Basic CMOS implementations

CMOS chip selection

In order to assess the feasibility of ternary processors, implementations of the basic ternary logic gates will be first be described. Current processors use Complementary Metal Oxide Semiconductor (CMOS) logic with both PMOS and MNOS. Without access to expensive micro-fabrication, CMOS circuits will be built using the CD4007 chip. This chip contains three CMOS pairs but only one is usable as they are not independent. This chip comes in a DIP14 package, very useful for tests on breadboard and for custom PCB with DIP sockets to change the chip if it breaks down.

This chip works with voltages up to $$15V$$ so an adjustable dual-rail power supply is used to test different configurations.

Fundamental gates

The ternary inverter actually comes in three versions, the neutral NOT and the positive and negatively biased NNOT and PNOT, but they don't require more circuitry : just a single CMOS pair. The other basic gates have two inputs, thus two CMOS pairs. For the two-input gates, the two corresponding transistors of the two CMOS pairs can either be setup in parallel or in series. Two configurations for the NMOS and the PMOS, so four configurations in total for the two pairs. Those are the four basic gates : NAND, NOR, NCONS, NANY ^[6][7].

Note that the non-inverted two-inputs gates requires an additional regular inverter on the output of the simpler inverted versions.

The CD4007 CMOS pair has a small negative voltage bias so the power supply is set to $$-5V$$ $$+5.7V$$. Two $$1kΩ$$ resistors are used between the PMOS and NMOS to stabilize the output. Additionally, a voltage shifter using a small $$2.2V$$ Zener diode and a $$100kΩ$$ pull-down resistor to ground are used to create a flat and neutral zero state. Without the voltage shifter, the neutral state corresponding to a 0 is on a slope, making it unstable when using the output to drive another gate, as can be seen on figure 2.

Multiplication gate

The more complex multiplication gate requires the combination of the fundamental gates described above, following the formula listed previously.

This equivalent circuit uses $$7$$ CMOS pairs when implementing each gate separately. Some transistors can be factorized to reduce the cost of this gate ; however, this requires transistor-level control of the circuit which is not possible using the CD4007 chip. Therefore, this will not be explored in this paper.

The inverted multiplication gate can be built using the same number of transistors, which can be useful in certain circuits.

Addition gate

The addition gate is a critical component for ALU circuits so a working cheap implementation is a major issue. As with the multiplication gate, the sum gate can be implemented using the fundamental gates.

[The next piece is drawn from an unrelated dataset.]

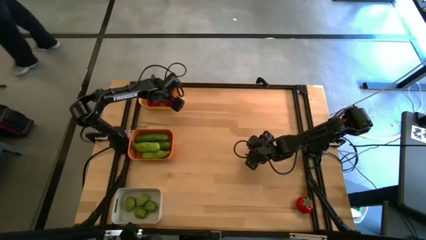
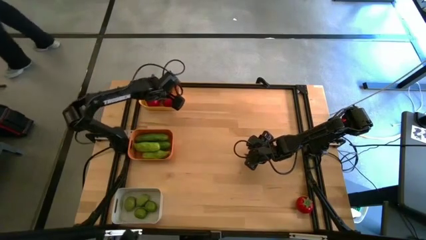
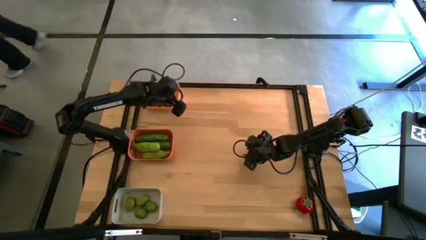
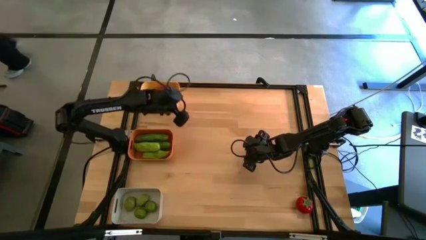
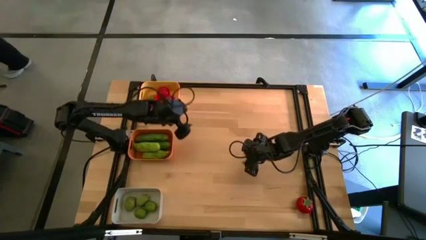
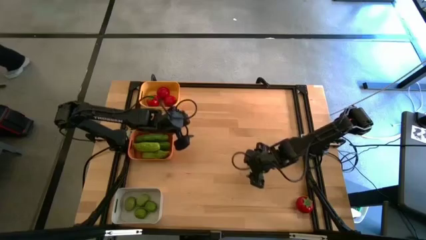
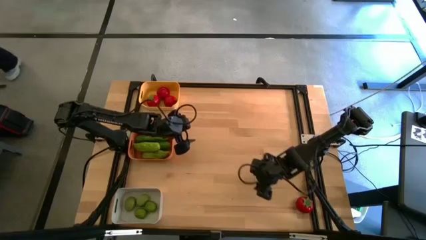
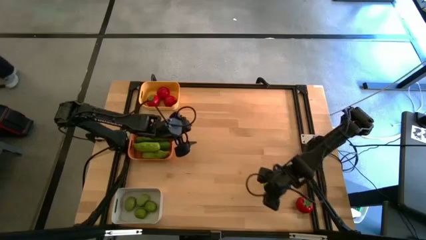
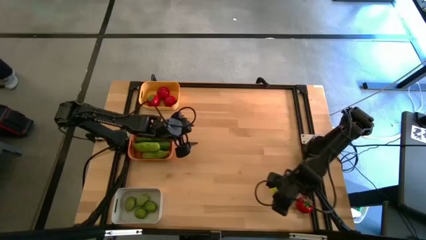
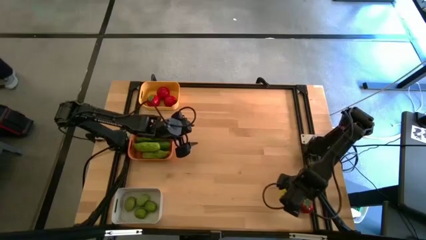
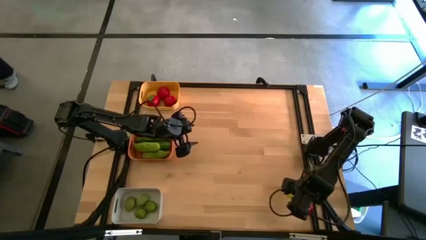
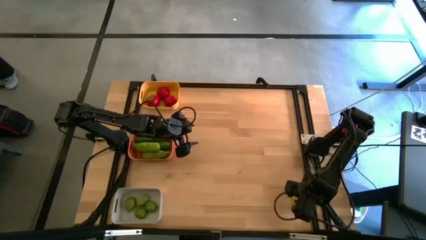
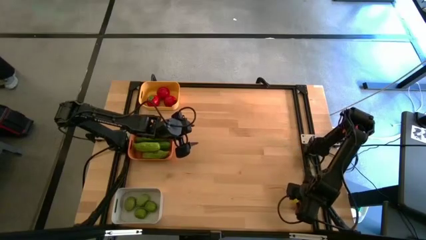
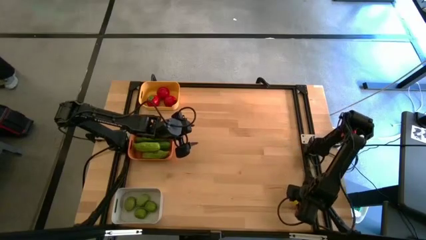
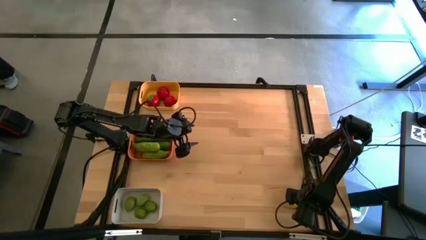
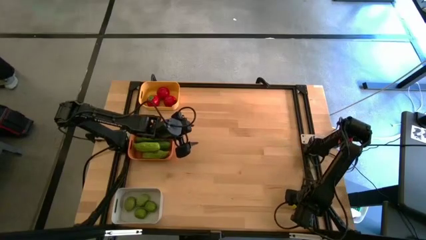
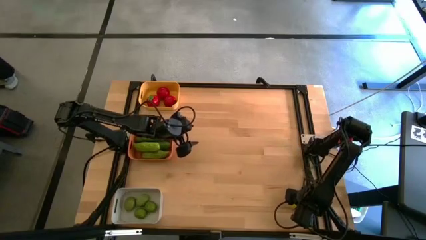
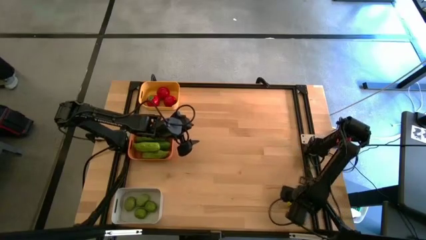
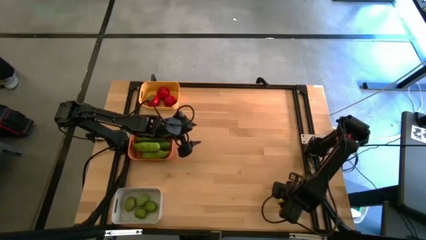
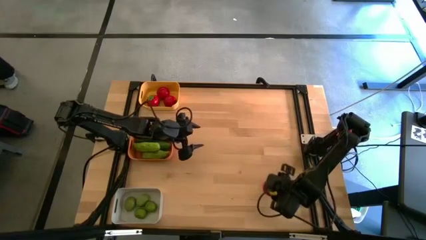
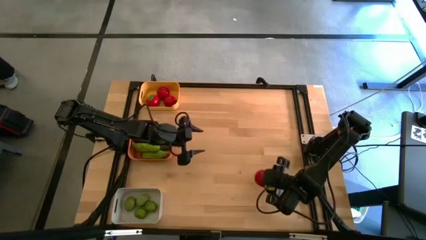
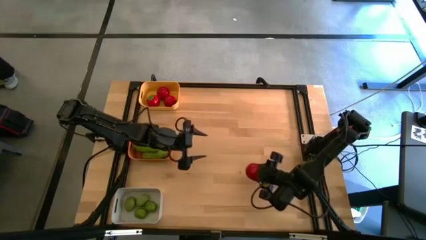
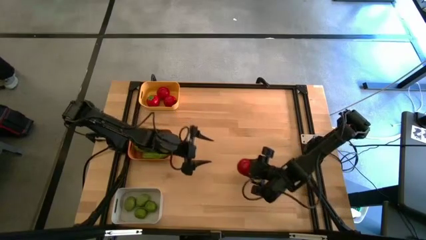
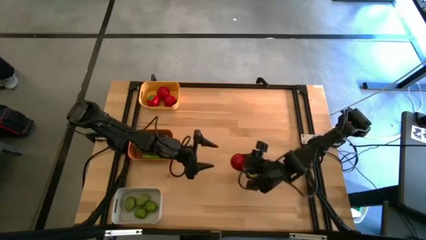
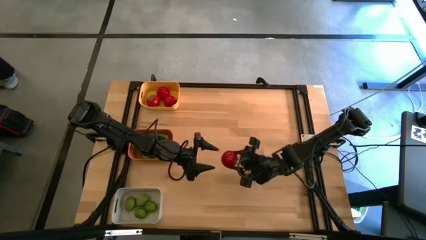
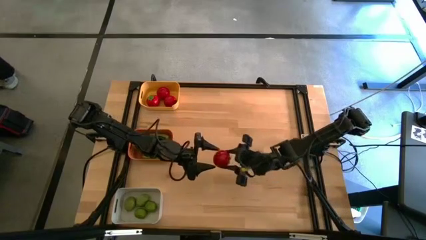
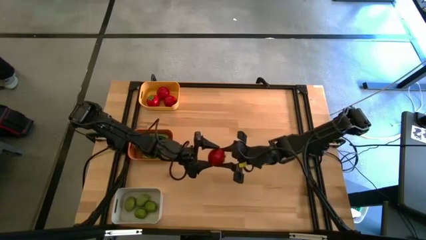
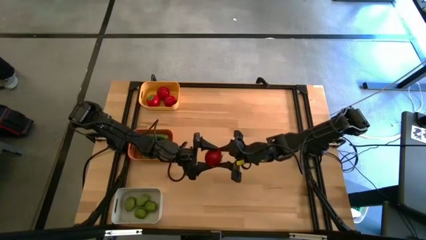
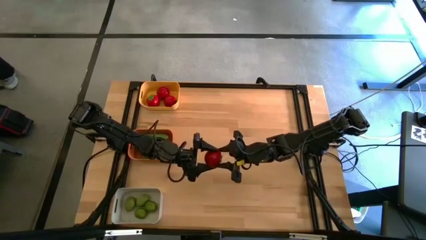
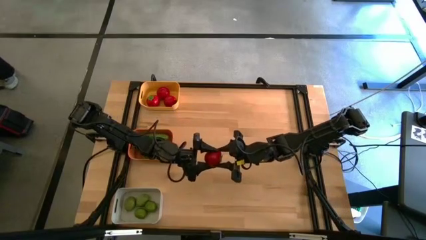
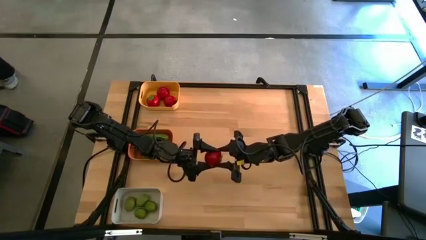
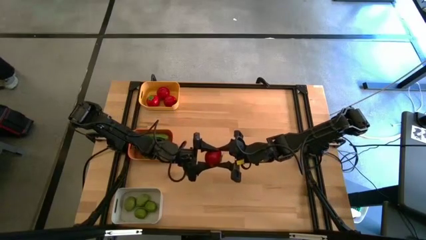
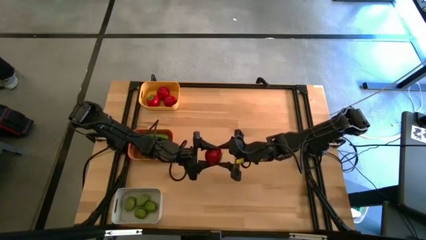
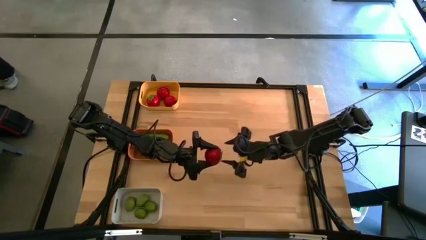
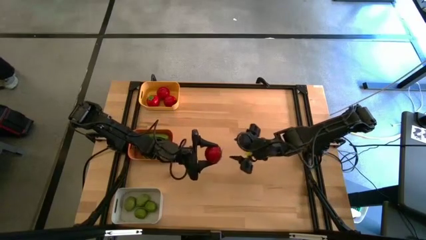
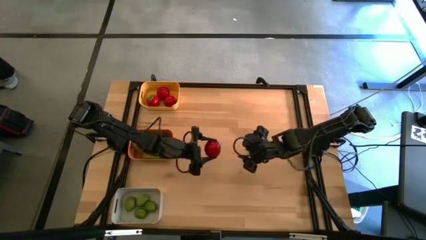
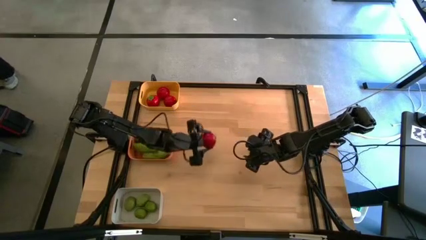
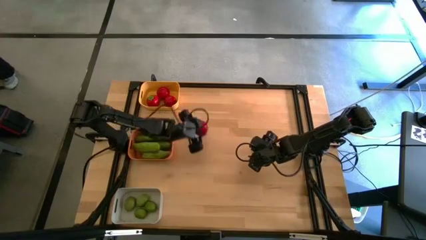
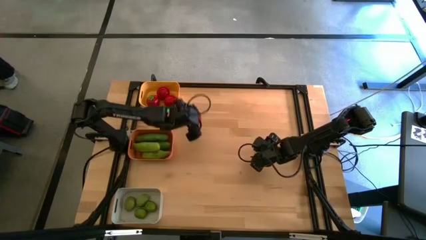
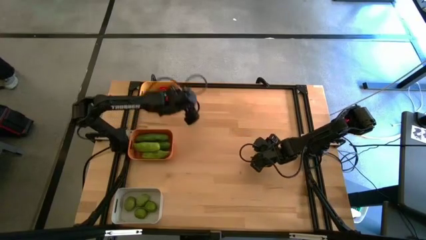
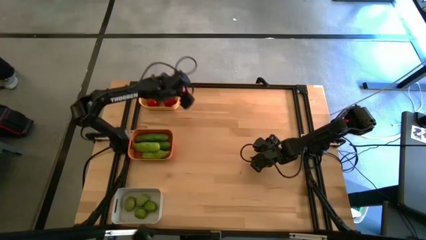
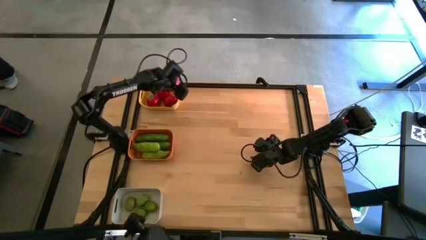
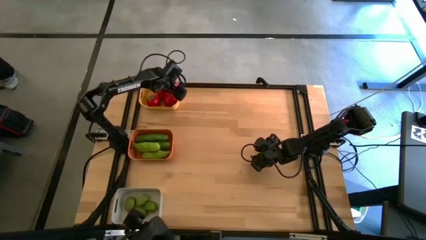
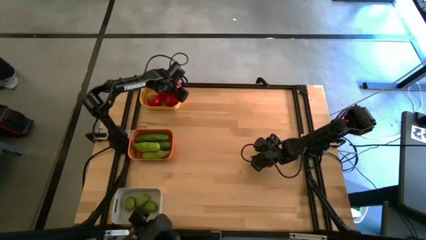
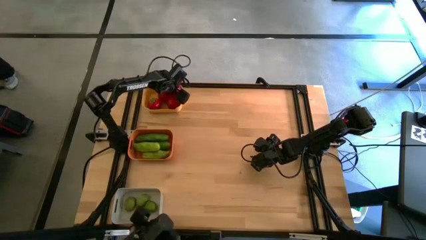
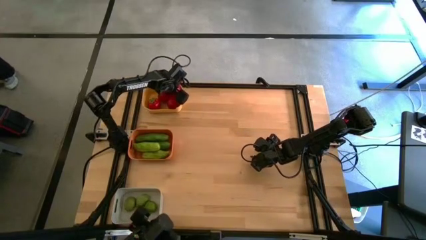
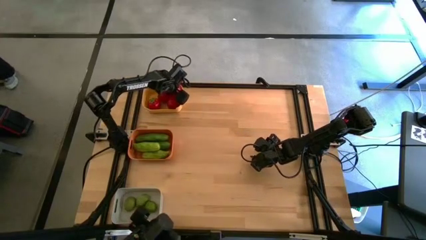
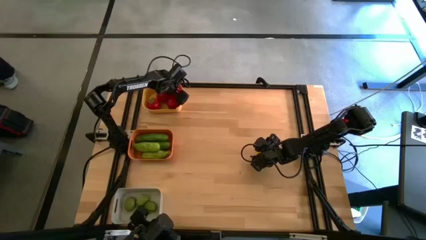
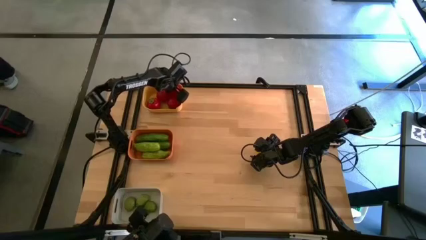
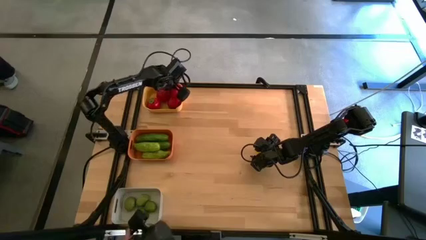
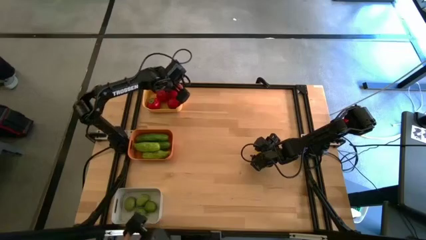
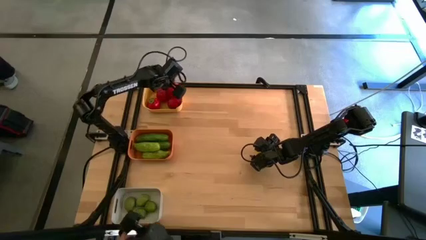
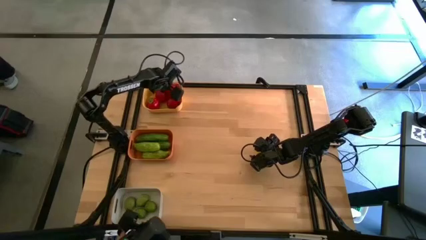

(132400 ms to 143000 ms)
Task: Sort produce into baskets
Put the tomato into the yellow bin

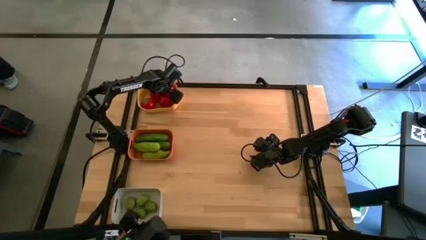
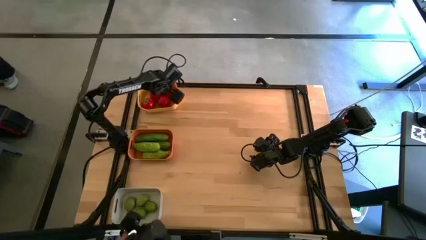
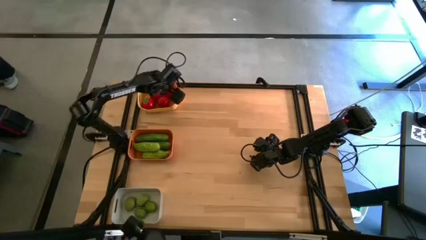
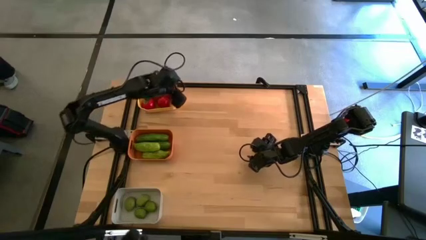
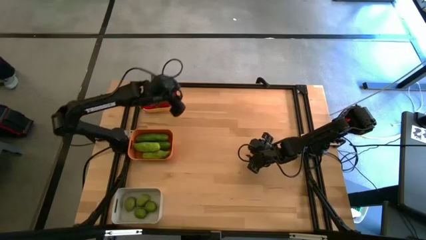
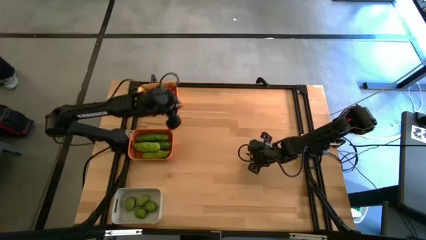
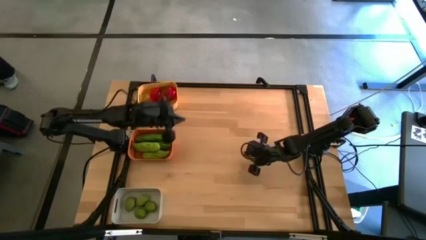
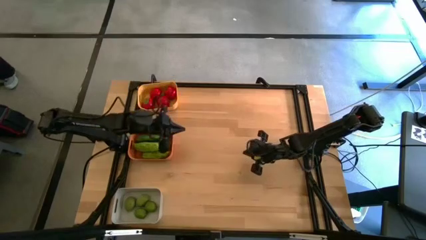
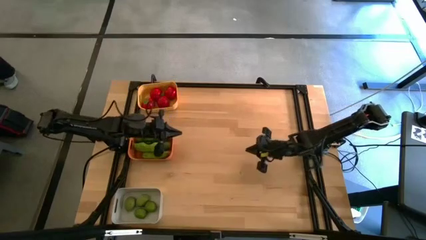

This equivalent circuit uses $$11$$ CMOS pairs. However, the inverted version of the sum gate is cheaper as it uses one less inverter, thus one less CMOS pair. Again, some transistors can be factorized to reduce the cost of this gate.

Ternary ALU design

Basic design

The main operation of the Arithmetic Logic Unit is the addition. This operation, as in any numerical base requires a carry system, a way to propagate the carry from the addition from one digit to the next. For the sake of simplicity, a ripple-carry system will be used in this design and not a carry-lookahead. That means adding the two trits of one digit of the words requires the carry of the previous pair of digits, therefore we have to wait for the previous sum to be completed. Consequently, as the word length increases, so does the time required for the operation to complete in a linear way. In a full processor, this reduces the maximum frequency, or requires complex timing and scheduling.

As with binary, we start by creating a half-adder, which add two trits and outputs the sum as well as the carry of this operation. The matrices of the sum and carry of two trits are given in figure 5. We recognize the sum of A and B to be the SUM gate and the carry is the CONS gate.

Thus, a ternary half-adder can easily be built.

Then two half-adders are combined to create a full-adder to add two trits as well as the previous carry. The carries of the two additions also have to be combined with an ANY gate.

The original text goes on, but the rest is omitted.